To receive the Electronic Records, you will need a computer or mobile device with a compatible operating system and web browser, and connection to the Internet, and you will need access to a printer or the ability to download information in trading instruction to keep copies for your records. The currently compatible operating systems and web browsers are identified at https://www.WealthDrive.com/system-requirements . Changes, if any, to these system hardware and software requirements will be updated on the Site or in the App. You must periodically refer to the Site or the App for current system requirements. By establishing and then accessing an Account, you are indicating that you have the capability to access the agreements and other information, including the disclosures, and download or print copies for your records. You are responsible for installation, maintenance, and operation of your computer, mobile device, browser and software. The Company is not responsible for errors or failures from any malfunction of your computer, browser or software. The Company is also not responsible for computer viruses or related problems associated with use of an online system. The currently compatible computer and mobile device operating systems and web browsers are identified at https://www.WealthDrive.com/system-requirements .

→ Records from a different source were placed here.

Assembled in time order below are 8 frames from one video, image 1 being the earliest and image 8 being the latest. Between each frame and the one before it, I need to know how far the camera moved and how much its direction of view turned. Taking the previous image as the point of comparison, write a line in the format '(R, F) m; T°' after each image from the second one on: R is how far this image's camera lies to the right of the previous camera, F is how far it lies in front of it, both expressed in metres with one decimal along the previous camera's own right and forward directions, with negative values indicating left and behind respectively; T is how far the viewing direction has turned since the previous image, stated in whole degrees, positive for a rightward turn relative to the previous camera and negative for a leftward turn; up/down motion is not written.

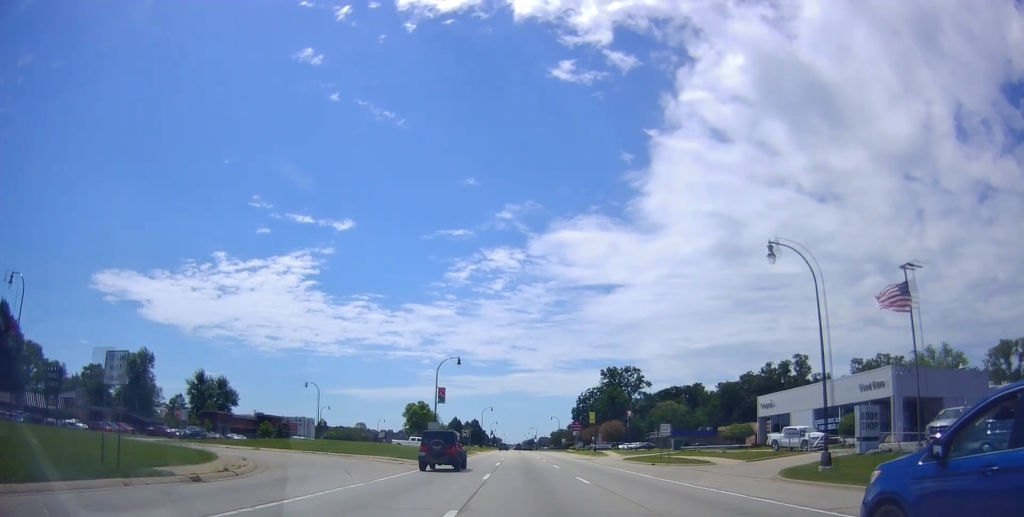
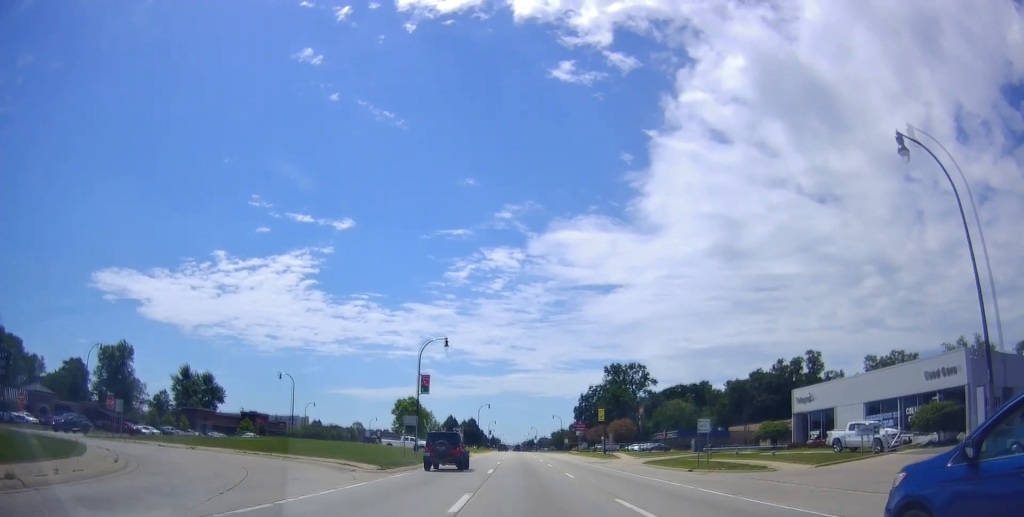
(+0.1, +10.2) m; +1°
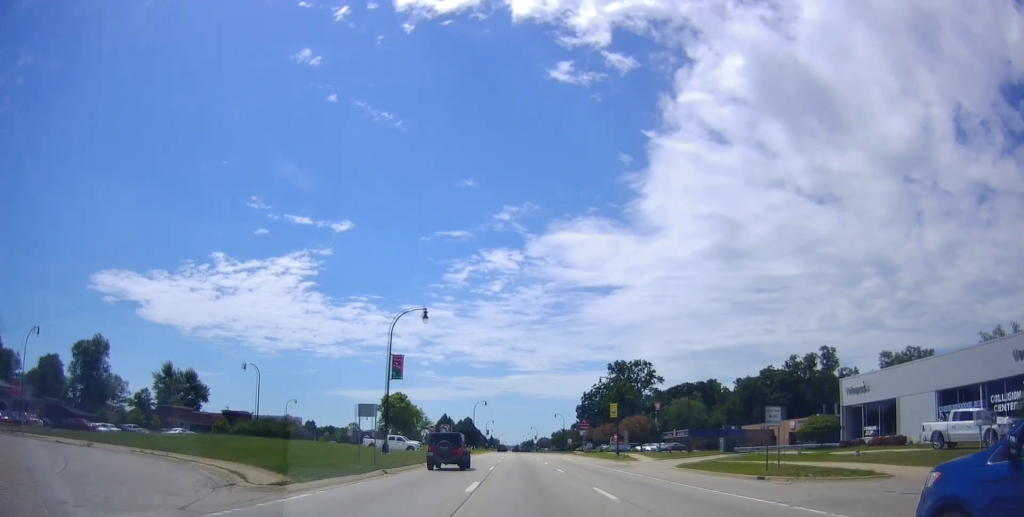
(0.0, +10.8) m; 0°
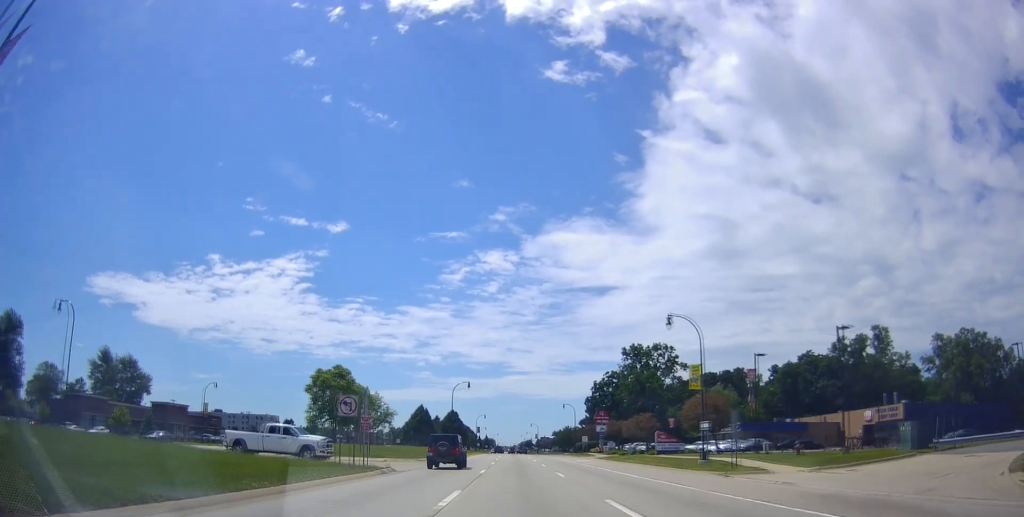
(-0.5, +33.5) m; -1°
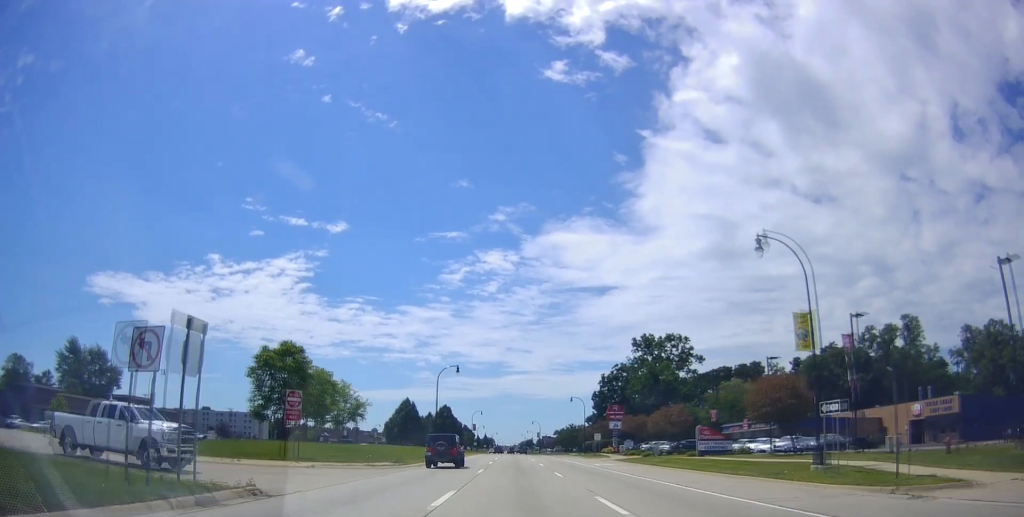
(0.0, +15.2) m; 0°
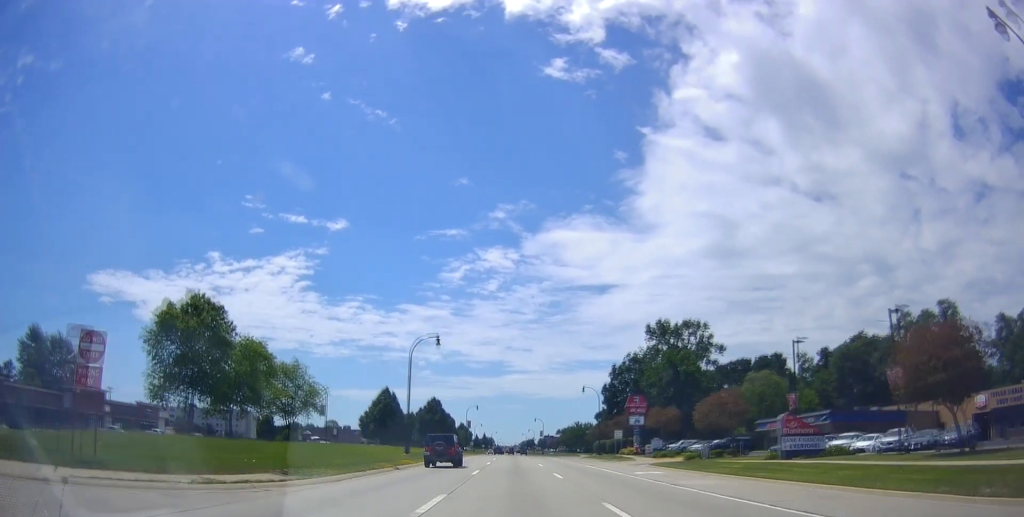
(+0.2, +16.5) m; +1°
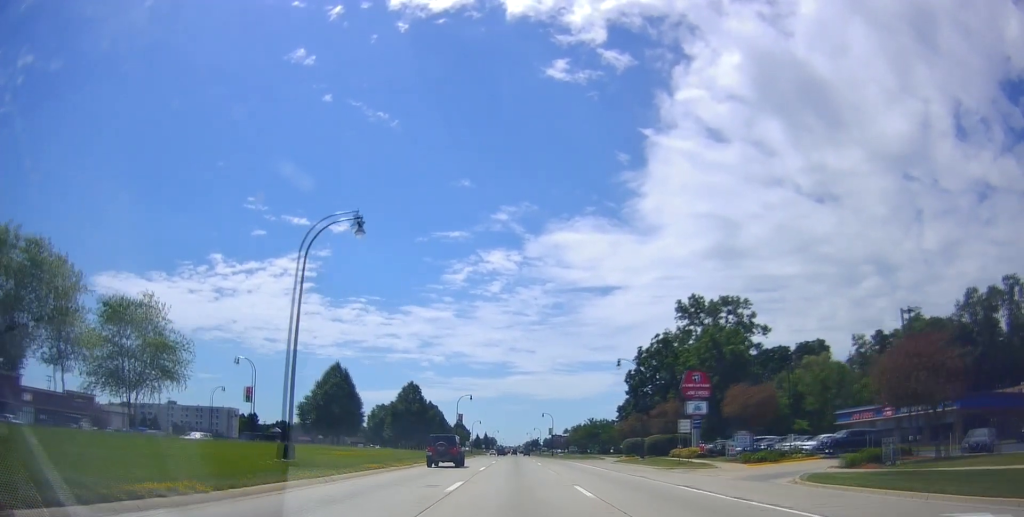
(0.0, +24.9) m; 0°
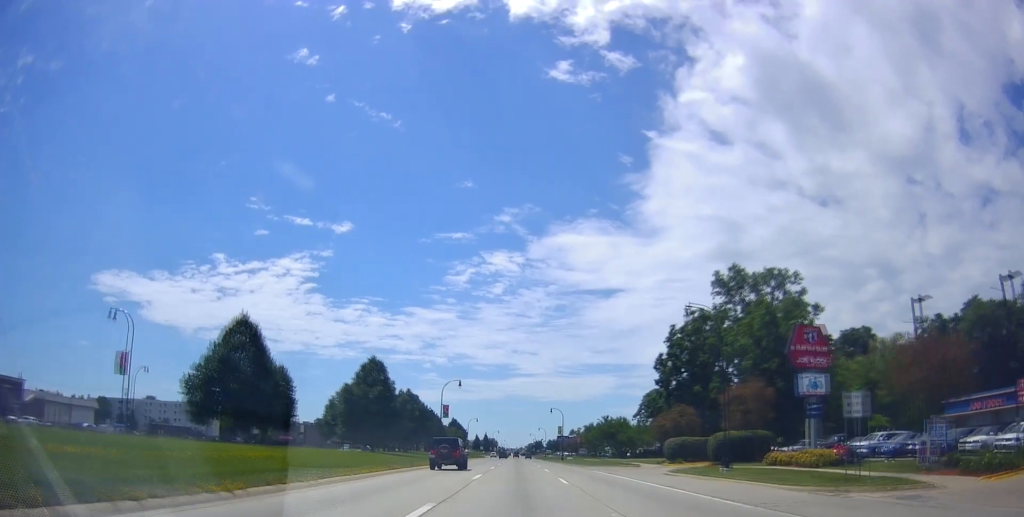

The following are the minimum hardware, software and operating system requirements necessary to use WealthDrive and receive Electronic Communications:
- a Current Version of an Internet browser we support,
- a connection to the Internet,
- a Current Version of a program that accurately reads and displays PDF files (such as Adobe Acrobat Reader), and
- a computer or mobile device and an operating system capable of supporting all of the above. You will also need a printer if you wish to print out and retain records on paper, and electronic storage if you wish to retain records in electronic form.
You must also have an active email address.
By “Current Version,” we mean a version of the software that is currently being supported by its publisher.
It is recommended that you print a copy of this Agreement for future reference.